Sony Thwarted Again – PSP 2.60 Hacked – First Homebrew Emerges!

I saw this on digg this morning:

A hacker has taken the next step and accomplished the unthinkable, hacking the 2.60 Firmware PSP! It is now possible to play homebrew games on your PSP no matter what firmware it has. Sony, give up on trying to stop us!

I haven’t tried this out yet (the new is still on my PSP, and I don’t feel like screwing it up) but it seems silly to actively pursue a strategy of trying to keep your customers from using their machines in creative new ways. I wish that a console or handheld manufacturer would someday realize that by embracing user modifications and homebrew, they could potentially add value to their products.

I know, I know, they are trying to prevent piracy.

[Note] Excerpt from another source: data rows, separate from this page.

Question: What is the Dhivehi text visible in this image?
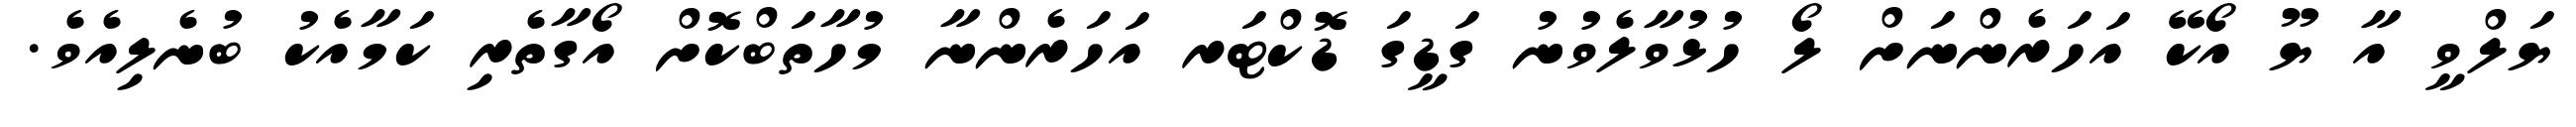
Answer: ޔަލްވީ އާ ޔޫ އޯކޭ އަހަރެންނަށް ލޯ ހުޅުވާލެވުނު ގަޑީގަ ޑޮކްޓަރ އަހަރެންނާ މުހާތަބްކޮށް އޯގާތެރި ކަމާއެކު ބުނެލިއެވެ.
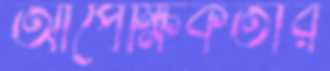
আপেক্ষিকতার
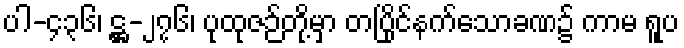
ပါ-၄၃၆၊ ဋ္ဌ-၂၇၆၊ ပုထုဇဉ်တို့မှာ တပြိုင်နက်သောခဏ၌ ကာမ ရူပ
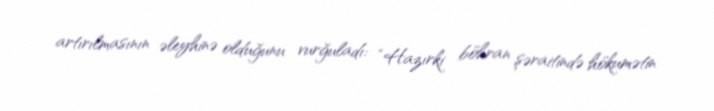
artırılmasının əleyhinə olduğunu vurğuladı: “Hazırki böhran şəraitində hökumətin
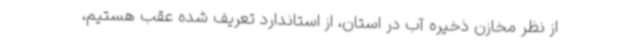
از نظر مخازن ذخیره آب در استان، از استاندارد تعریف شده عقب هستیم،
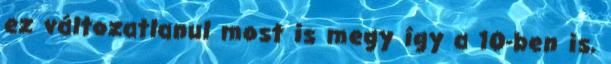
ez változatlanul most is megy így a 10-ben is,
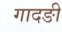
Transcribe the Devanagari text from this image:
गादङी
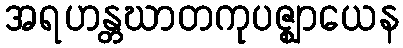
အရဟန္တဃာတကုပဇ္ဈာယေန
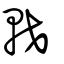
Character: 䡈
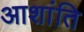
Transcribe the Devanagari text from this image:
आशांति
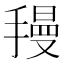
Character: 𫽺
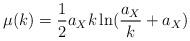
LaTeX: \begin{align*} \mu(k) = \frac 12 a_X k\ln(\frac{a_X}{k} + a_X)\end{align*}
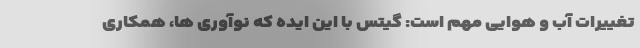
تغییرات آب و هوایی مهم است: گیتس با این ایده که نوآوری ها، همکاری
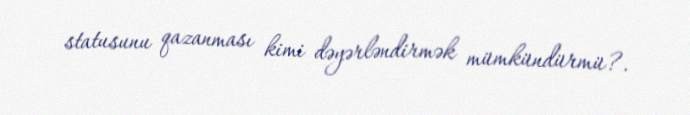
statusunu qazanması kimi dəyərləndirmək mümkündürmü?.
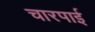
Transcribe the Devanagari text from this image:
चारपार्इ
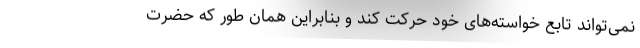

They don’t want everyone to be running Wipeout Pure when they didn’t pay for it. I get that. And I must admit, I don’t really know how to establish an iron-clad piracy protection scheme, but then, neither does Sony (obviously). I was thinking the other day that it might be interesting to have programs which are executed from the Memory Stick to simply not be able to access any of the Disk hardware. I can think of lots of ways that might fail, and hardware mods might still work to circumvent such measures, but it would go along way to keeping people from snarfing data off of UMD disks.

Of course, if anyone DOES get it off disc (say by using a logic analyzer on the data bus during execution) you are screwed.

Oh well. I imagine that we’ll see a continuation of this arms race for some time to come.